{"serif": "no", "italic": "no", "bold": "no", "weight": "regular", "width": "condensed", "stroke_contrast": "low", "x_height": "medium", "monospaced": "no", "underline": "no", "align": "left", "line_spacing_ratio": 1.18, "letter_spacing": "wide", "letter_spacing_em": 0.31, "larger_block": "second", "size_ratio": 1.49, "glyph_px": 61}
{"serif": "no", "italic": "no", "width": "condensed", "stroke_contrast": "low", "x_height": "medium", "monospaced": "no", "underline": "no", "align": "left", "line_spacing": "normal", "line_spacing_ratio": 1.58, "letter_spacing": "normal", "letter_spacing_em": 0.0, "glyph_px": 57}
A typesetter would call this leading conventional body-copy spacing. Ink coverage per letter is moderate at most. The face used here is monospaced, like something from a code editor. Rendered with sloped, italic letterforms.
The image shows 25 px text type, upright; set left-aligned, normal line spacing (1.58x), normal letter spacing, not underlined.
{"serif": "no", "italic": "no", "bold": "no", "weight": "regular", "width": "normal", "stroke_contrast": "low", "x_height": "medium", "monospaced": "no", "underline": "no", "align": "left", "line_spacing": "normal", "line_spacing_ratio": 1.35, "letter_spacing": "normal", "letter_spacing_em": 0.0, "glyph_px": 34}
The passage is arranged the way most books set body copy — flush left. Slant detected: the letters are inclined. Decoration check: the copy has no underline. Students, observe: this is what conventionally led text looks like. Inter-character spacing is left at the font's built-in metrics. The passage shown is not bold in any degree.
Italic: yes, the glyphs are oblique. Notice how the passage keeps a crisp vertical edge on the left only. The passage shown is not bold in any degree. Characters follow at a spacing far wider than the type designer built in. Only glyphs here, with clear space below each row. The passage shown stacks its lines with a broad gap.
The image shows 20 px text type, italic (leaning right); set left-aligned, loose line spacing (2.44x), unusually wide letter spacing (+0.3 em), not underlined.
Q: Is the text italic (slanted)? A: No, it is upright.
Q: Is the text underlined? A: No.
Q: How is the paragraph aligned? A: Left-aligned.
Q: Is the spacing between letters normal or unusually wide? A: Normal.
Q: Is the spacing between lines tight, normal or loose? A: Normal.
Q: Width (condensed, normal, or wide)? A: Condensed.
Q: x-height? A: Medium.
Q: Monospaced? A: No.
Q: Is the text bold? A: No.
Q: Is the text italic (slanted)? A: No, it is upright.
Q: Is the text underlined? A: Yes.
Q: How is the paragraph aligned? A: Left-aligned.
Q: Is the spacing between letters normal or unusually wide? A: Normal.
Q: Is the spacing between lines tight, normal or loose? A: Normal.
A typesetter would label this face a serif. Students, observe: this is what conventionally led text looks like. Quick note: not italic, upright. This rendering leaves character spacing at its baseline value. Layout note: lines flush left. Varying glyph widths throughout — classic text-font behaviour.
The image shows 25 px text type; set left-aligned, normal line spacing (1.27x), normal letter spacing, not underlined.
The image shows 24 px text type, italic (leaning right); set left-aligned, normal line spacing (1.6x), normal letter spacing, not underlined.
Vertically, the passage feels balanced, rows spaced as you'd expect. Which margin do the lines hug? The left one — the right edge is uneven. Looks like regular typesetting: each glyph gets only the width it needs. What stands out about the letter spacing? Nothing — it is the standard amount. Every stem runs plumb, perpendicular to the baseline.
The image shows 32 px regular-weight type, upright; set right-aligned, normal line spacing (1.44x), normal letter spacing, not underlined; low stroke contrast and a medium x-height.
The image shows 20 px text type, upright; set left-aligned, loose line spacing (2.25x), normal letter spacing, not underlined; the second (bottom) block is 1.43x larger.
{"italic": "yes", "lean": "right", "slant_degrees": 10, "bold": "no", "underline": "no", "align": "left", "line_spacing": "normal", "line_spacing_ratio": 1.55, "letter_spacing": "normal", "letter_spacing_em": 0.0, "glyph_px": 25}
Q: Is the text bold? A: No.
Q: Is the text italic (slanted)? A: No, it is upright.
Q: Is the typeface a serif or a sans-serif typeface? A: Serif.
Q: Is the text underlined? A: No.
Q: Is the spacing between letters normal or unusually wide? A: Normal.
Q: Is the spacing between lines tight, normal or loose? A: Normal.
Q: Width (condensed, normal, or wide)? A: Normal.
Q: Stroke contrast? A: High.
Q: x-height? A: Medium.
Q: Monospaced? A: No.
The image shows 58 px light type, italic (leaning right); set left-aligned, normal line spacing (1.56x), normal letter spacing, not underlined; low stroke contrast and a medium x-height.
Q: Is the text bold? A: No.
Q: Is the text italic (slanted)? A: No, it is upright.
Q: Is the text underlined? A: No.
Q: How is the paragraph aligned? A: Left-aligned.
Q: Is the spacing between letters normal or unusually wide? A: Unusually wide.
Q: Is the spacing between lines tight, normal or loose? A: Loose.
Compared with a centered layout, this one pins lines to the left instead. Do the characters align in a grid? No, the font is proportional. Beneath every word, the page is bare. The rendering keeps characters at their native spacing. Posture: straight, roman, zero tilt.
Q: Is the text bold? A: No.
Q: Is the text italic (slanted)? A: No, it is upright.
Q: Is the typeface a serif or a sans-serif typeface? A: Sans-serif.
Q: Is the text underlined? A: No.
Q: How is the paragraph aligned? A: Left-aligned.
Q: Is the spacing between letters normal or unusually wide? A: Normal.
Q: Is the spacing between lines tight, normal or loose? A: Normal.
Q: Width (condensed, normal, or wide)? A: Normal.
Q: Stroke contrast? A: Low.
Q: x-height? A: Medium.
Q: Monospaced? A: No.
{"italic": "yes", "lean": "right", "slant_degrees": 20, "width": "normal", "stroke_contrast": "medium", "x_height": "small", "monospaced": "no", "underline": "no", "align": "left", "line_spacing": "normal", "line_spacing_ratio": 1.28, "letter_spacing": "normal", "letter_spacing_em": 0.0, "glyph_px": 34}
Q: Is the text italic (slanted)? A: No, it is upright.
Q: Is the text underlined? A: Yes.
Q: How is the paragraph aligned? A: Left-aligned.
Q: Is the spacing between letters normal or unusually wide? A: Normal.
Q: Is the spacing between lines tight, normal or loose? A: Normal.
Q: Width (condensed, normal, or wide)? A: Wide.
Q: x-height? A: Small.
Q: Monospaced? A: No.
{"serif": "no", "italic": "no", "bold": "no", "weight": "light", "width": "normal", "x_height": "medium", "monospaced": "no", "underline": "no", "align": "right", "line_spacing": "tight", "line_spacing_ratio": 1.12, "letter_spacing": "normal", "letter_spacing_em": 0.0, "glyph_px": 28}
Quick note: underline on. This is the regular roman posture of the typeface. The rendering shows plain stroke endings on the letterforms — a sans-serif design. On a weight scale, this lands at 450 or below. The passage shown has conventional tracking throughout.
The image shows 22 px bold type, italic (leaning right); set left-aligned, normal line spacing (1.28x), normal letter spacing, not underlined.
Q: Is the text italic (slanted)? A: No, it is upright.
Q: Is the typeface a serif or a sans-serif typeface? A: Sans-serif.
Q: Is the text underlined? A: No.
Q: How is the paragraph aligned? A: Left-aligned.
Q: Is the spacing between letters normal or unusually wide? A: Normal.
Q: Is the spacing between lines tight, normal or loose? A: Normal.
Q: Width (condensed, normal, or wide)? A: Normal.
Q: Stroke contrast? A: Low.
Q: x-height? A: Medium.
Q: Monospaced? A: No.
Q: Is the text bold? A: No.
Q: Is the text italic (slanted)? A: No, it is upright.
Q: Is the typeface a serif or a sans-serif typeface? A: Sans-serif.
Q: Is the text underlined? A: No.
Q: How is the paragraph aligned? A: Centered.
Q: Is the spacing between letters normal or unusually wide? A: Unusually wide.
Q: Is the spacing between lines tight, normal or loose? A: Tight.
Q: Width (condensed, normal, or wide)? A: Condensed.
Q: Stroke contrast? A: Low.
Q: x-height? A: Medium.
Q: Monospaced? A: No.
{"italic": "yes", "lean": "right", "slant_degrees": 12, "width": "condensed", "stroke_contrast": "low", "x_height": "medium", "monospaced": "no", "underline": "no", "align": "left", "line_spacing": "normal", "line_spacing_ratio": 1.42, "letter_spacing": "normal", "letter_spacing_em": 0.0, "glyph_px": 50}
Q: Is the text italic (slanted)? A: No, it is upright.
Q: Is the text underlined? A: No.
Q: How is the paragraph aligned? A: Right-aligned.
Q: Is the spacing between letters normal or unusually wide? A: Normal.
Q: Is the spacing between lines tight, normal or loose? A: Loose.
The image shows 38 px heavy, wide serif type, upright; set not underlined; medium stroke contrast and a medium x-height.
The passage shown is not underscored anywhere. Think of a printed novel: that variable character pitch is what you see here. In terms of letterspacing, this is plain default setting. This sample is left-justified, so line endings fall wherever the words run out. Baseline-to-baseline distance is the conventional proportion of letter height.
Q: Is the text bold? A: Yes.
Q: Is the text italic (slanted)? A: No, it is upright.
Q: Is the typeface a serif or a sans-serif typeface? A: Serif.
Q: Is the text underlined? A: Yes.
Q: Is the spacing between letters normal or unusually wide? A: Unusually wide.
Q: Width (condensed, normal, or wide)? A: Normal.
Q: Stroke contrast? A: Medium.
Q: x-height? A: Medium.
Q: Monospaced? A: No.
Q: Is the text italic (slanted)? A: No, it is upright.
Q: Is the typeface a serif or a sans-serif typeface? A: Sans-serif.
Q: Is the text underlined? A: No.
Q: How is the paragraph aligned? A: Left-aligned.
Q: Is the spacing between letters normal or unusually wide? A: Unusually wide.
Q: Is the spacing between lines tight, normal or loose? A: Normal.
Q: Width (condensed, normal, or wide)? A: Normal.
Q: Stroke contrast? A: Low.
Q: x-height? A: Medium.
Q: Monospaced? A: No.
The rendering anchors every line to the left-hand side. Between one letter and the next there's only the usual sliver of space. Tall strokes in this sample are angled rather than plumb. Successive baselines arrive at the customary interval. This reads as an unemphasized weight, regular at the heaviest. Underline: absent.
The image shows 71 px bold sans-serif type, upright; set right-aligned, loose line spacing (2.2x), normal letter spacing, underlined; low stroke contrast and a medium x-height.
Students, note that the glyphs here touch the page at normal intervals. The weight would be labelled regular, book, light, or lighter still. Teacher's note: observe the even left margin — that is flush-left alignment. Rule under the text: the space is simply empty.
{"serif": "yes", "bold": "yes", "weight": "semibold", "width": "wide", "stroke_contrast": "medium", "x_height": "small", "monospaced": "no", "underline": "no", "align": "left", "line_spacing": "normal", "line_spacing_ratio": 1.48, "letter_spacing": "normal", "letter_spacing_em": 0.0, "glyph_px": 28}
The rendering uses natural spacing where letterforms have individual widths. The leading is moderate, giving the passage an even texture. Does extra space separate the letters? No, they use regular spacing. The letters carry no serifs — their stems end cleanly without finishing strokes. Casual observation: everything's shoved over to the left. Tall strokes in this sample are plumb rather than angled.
▬▬▬▬▬▬
## Work instructions
Scan the material above for the word "leaning", and copy each line where it appears.

## Expected answer
The image shows 20 px text type, italic (leaning right); set left-aligned, loose line spacing (2.44x), unusually wide letter spacing (+0.3 em), not underlined.
The image shows 24 px text type, italic (leaning right); set left-aligned, normal line spacing (1.6x), normal letter spacing, not underlined.
The image shows 58 px light type, italic (leaning right); set left-aligned, normal line spacing (1.56x), normal letter spacing, not underlined; low stroke contrast and a medium x-height.
The image shows 22 px bold type, italic (leaning right); set left-aligned, normal line spacing (1.28x), normal letter spacing, not underlined.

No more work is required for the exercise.